El pasillo de los condenados
A Martita y Enrique,
la casualidad y la vida se posan en letras.
Él se encontraba en la sala de espera, justo frente a la enfermera que se limaba las uñas de mujer mayor, sobre su cabeza, el reloj marcaba las doce. Él movía los dedos repetidamente en su pierna como señal de desesperación. No despegaba los ojos del reloj puesto en la pared, blanca como la nieve misma. A decir verdad toda la habitación era de ese color; puertas, sillas, mesas, todo era blanco, incluso el florero con rosas blancas. A él le molestaba esto, tanta claridad lo sofocaba, le irritaba, parecía que nada tenía principio ni fin en aquel lugar, pero tenía que esperar. Aún no le mandaban a llamar.
A su lado se encontraba un hombre que no dejaba de mirarlo. Obeso, con un sombrero de pana en sus piernas, un anillo de bodas en su mano y una camisa cuadros. Aquel hombre cada cierto intervalo de tiempo volteaba a verlo y él se había dado cuenta de ello. Sin embargo, no decía nada, no le daba importancia. Sólo estaba esperando a que le mandaran a llamar.
Después de tanto observarlo, el regordete hombre se armó de valor y dijo:
-Disculpe, ¿Es la primera vez qué viene aquí?- le preguntó esbozando una amistosa sonrisa.
-Es la primera vez que vengo, solo- respondió rápidamente, con un aire de relajación. Al fin tenía algo en qué ocuparse y esperando a no dar por terminada la conversación, agregó - La primera vez vine con mi esposa, pero; ya ve cómo son las mujeres. No les gusta revivir las malas experiencias.
-Sí, jeje, y menos cuando al lugar que visitan le conocen como \"El pasillo de los condenados\".
-Suena a algo muy tétrico para una simple visita con el doctor.
-¿A quién no le da miedo las visitas al Doctor?- Preguntó el hombre obeso.
-¿Usted viene a ver al Doctor?
-Vengo de verlo.
-¿Buenas noticias?
-¿No le acabo de mencionar que este es el pasillo de los condenados? Cuando a uno lo mandan aquí, ya debe de tener en cuenta que no se esperan buenas noticias.
-Sí, lo sé. Es sólo que a veces uno espera que las cosas sean un poco distintas.
-Se nota que es su primera vez aquí- dijo el hombre gordo.
Él observó el anillo de bodas de su nuevo amigo y decidió preguntar.
-¿A su esposa tampoco le gusta revivir malas experiencias?- Dijo sarcásticamente.

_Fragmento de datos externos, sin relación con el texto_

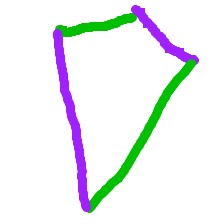
Shape: kite
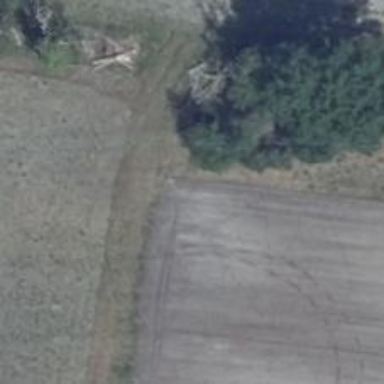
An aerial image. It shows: Hunting stand.
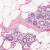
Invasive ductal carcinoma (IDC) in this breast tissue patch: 0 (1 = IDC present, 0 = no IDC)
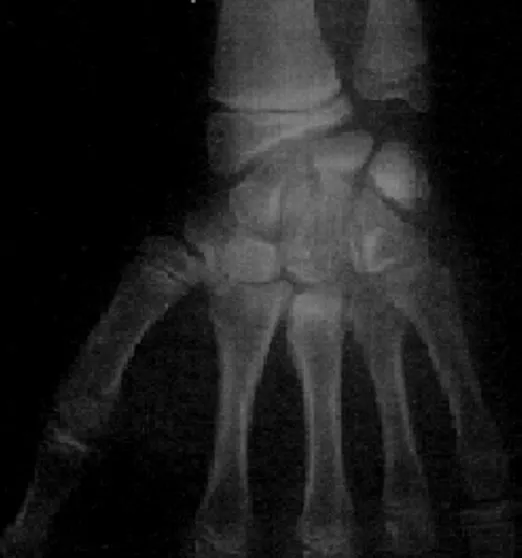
Face radiograph shows healing of the lunate.
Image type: radiology (x_ray)
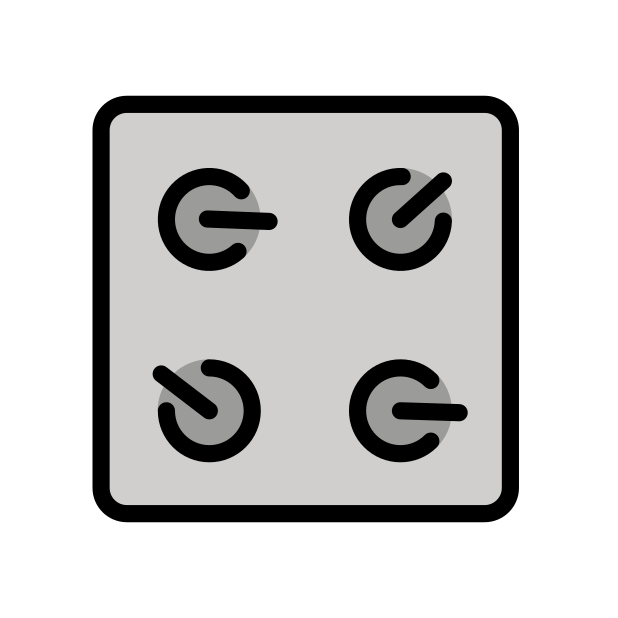
control knobs
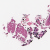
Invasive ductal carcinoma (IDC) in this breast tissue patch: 0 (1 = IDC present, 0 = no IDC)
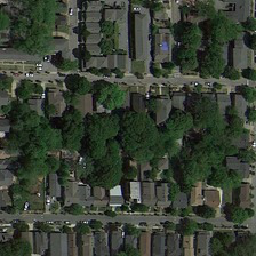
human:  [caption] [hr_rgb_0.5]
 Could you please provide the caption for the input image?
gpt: The houses here are very close, there is no space between them, and there are some plants for decoration.

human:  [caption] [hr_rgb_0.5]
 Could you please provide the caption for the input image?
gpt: The house here is so close that there are plants that work as decorations without gaps.

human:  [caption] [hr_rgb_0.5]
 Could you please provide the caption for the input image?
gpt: Many buildings and green trees are in dense residential areas.

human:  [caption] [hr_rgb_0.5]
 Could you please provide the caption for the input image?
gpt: Many buildings and green trees are in a dense residential area.

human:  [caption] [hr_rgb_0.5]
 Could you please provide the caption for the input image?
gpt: Many of the buildings are in the green area.
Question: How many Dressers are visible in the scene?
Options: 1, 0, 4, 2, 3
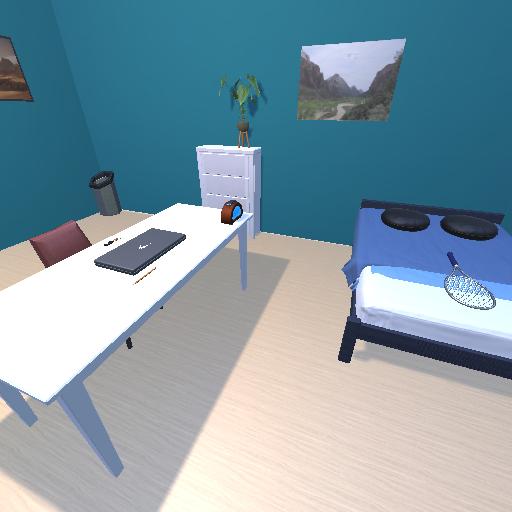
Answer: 1

El hombre miró hacia abajo buscando su mano y se la acercó levemente al rostro para poder apreciar la argolla con mejor claridad. La observó un momento, la analizó, como si aquel artilugio fuese a decirle algo amargo y sin despegar la mirada de ésta, agregó.
-Hay mujeres que no les gusta revivir las malas experiencias pero aún así se mantienen fuertes, firmes, por si aquella calamidad vuelve a ocurrir. Y hay otras mujeres que simplemente no pueden soportarlo y se van.

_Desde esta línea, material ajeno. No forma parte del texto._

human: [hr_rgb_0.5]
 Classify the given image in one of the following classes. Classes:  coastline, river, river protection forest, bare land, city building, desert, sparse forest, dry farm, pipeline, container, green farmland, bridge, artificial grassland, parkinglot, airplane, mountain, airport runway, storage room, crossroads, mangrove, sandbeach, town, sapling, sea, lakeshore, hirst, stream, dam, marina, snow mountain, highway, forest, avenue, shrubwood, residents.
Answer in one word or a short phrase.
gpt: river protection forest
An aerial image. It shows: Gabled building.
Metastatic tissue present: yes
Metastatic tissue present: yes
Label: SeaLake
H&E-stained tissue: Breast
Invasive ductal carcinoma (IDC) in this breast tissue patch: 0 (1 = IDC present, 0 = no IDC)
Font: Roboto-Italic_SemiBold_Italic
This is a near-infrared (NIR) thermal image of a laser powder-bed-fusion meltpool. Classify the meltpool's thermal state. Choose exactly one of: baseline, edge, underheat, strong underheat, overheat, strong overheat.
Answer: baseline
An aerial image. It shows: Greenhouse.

Terminó de ver su anillo y dirigió su mano hacia su pierna izquierda, ahí se levantó un poco el pantalón, dejando ver una pieza de metal negro, tan delgada como un hueso, dicha pieza terminaba en un zapato el cual dentro no había más que una placa de metal en lugar de pie.
-Mi esposa-agregó- después de pensarlo unas semanas, decidió que no soportaría la idea de estar con un hombre que cada mes le estarían cortando el cuerpo y cambiándoselas por plástico y metal. “No soportaría verte así” dijo, o al menos eso trató de decir. Así que, una mañana desperté y con esfuerzos leí una carta donde me exponía su abandono. Ahora estoy aquí en el pasillo de los condenados y me entero que pronto, muy pronto quedaré ciego. Pero eso está bien, pues ¿de qué me sirven los ojos si ya no la volveré a ver?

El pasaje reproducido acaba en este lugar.